Research output: Contribution to journalConference articlepeer-review

Abstract

Finding the proper depth d of a graph convolutional network (GCN) that provides strong representation ability has drawn significant attention, yet nonetheless largely remains an open problem for the graph learning community. Although noteworthy progress has been made, the depth or the number of layers of a corresponding GCN is realized by a series of graph convolution operations, which naturally makes d a positive integer (d ∈ N+). An interesting question is whether breaking the constraint of N+ by making d a real number (d ∈ R) can bring new insights into graph learning mechanisms. In this work, by redefining GCN's depth d as a trainable parameter continuously adjustable within (−∞, +∞), we open a new door of controlling its signal processing capability to model graph homophily/heterophily (nodes with similar/dissimilar labels/attributes tend to be inter-connected).
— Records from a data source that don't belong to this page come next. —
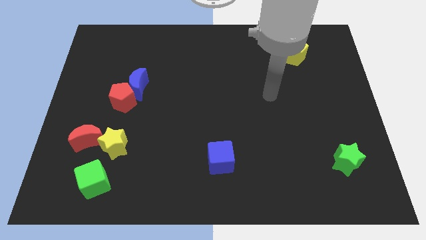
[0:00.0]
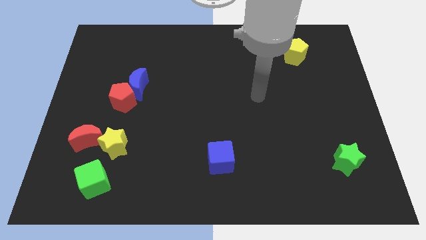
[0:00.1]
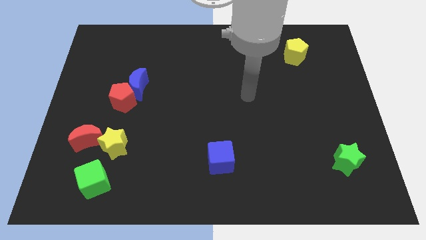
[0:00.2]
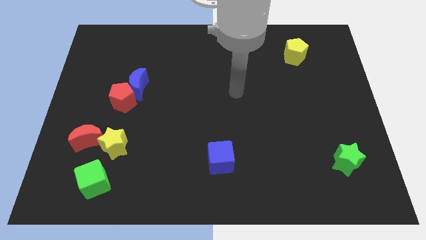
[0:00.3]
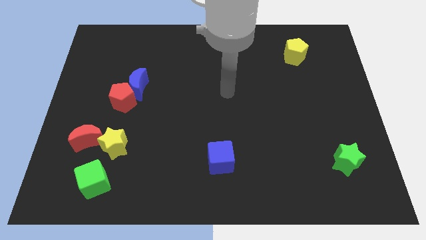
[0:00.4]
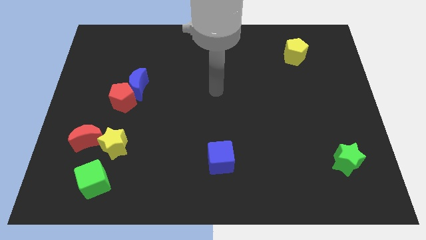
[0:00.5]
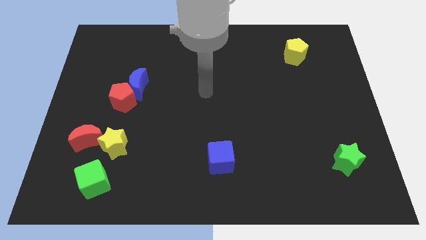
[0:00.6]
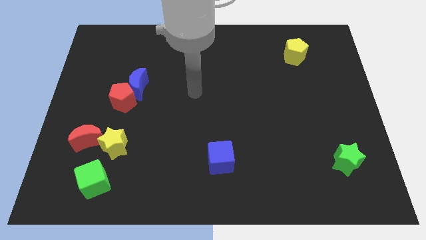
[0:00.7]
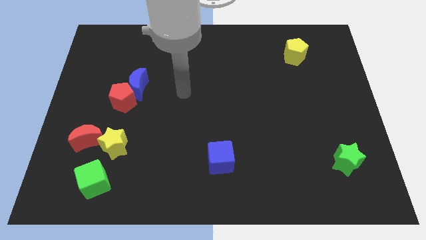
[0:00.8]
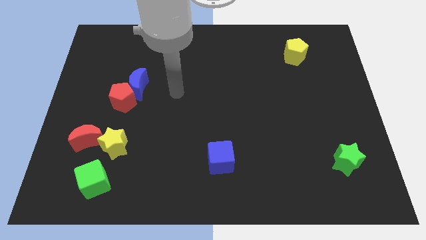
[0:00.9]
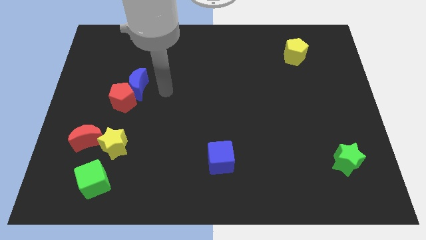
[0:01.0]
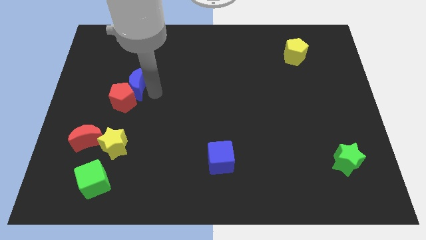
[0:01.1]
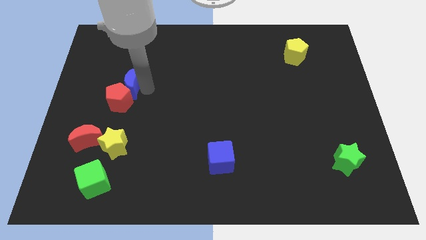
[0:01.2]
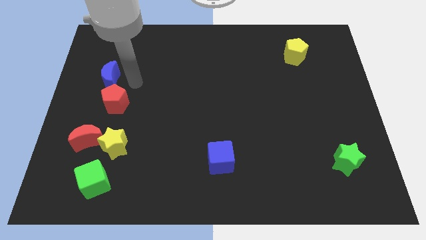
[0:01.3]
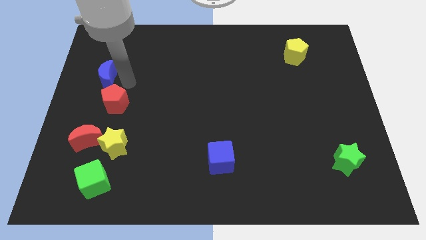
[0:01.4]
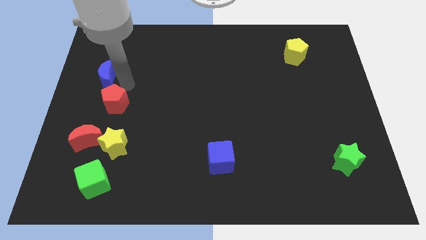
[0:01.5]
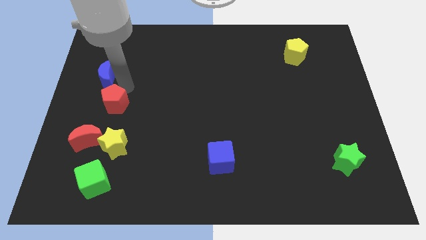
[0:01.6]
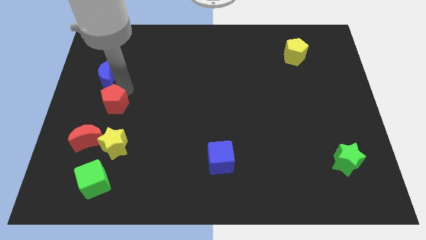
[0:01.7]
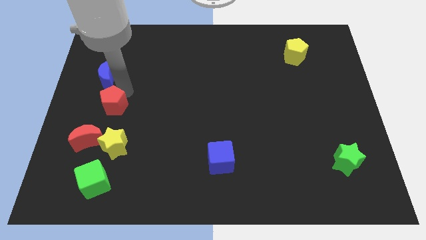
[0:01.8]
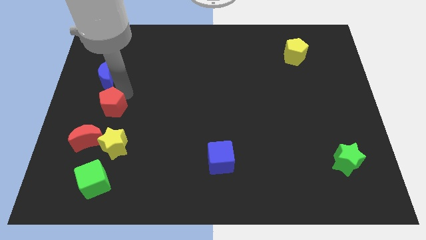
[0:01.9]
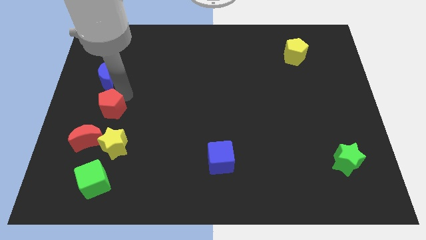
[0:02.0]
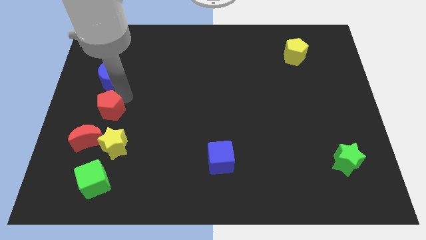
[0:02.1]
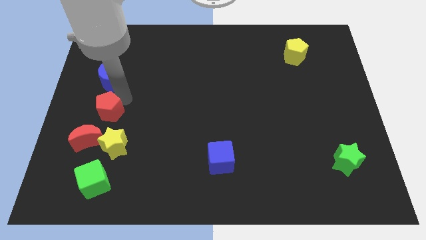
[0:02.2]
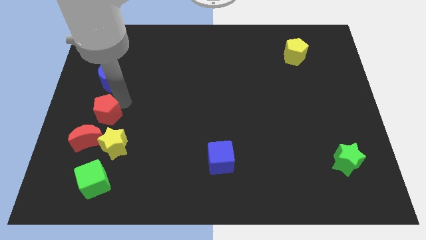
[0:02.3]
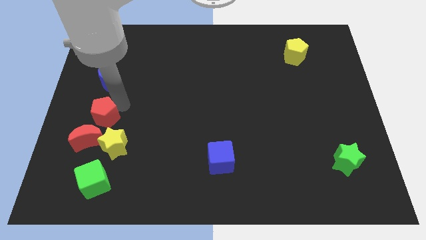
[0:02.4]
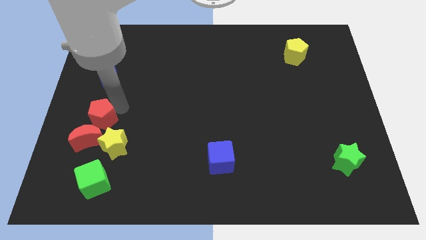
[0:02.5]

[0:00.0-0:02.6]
push the red pentagon towards the red moon

A simple and powerful GCN model TEDGCN, is proposed to retain the simplicity of GCN and meanwhile automatically search for the optimal d without the prior knowledge regarding whether the input graph is homophilic or heterophilic. Negative-valued d intrinsically enables high-pass frequency filtering functionality via augmented topology for graph heterophily. Extensive experiments demonstrate the superiority of TEDGCN on node classification tasks for a variety of homophilic and heterophilic graphs.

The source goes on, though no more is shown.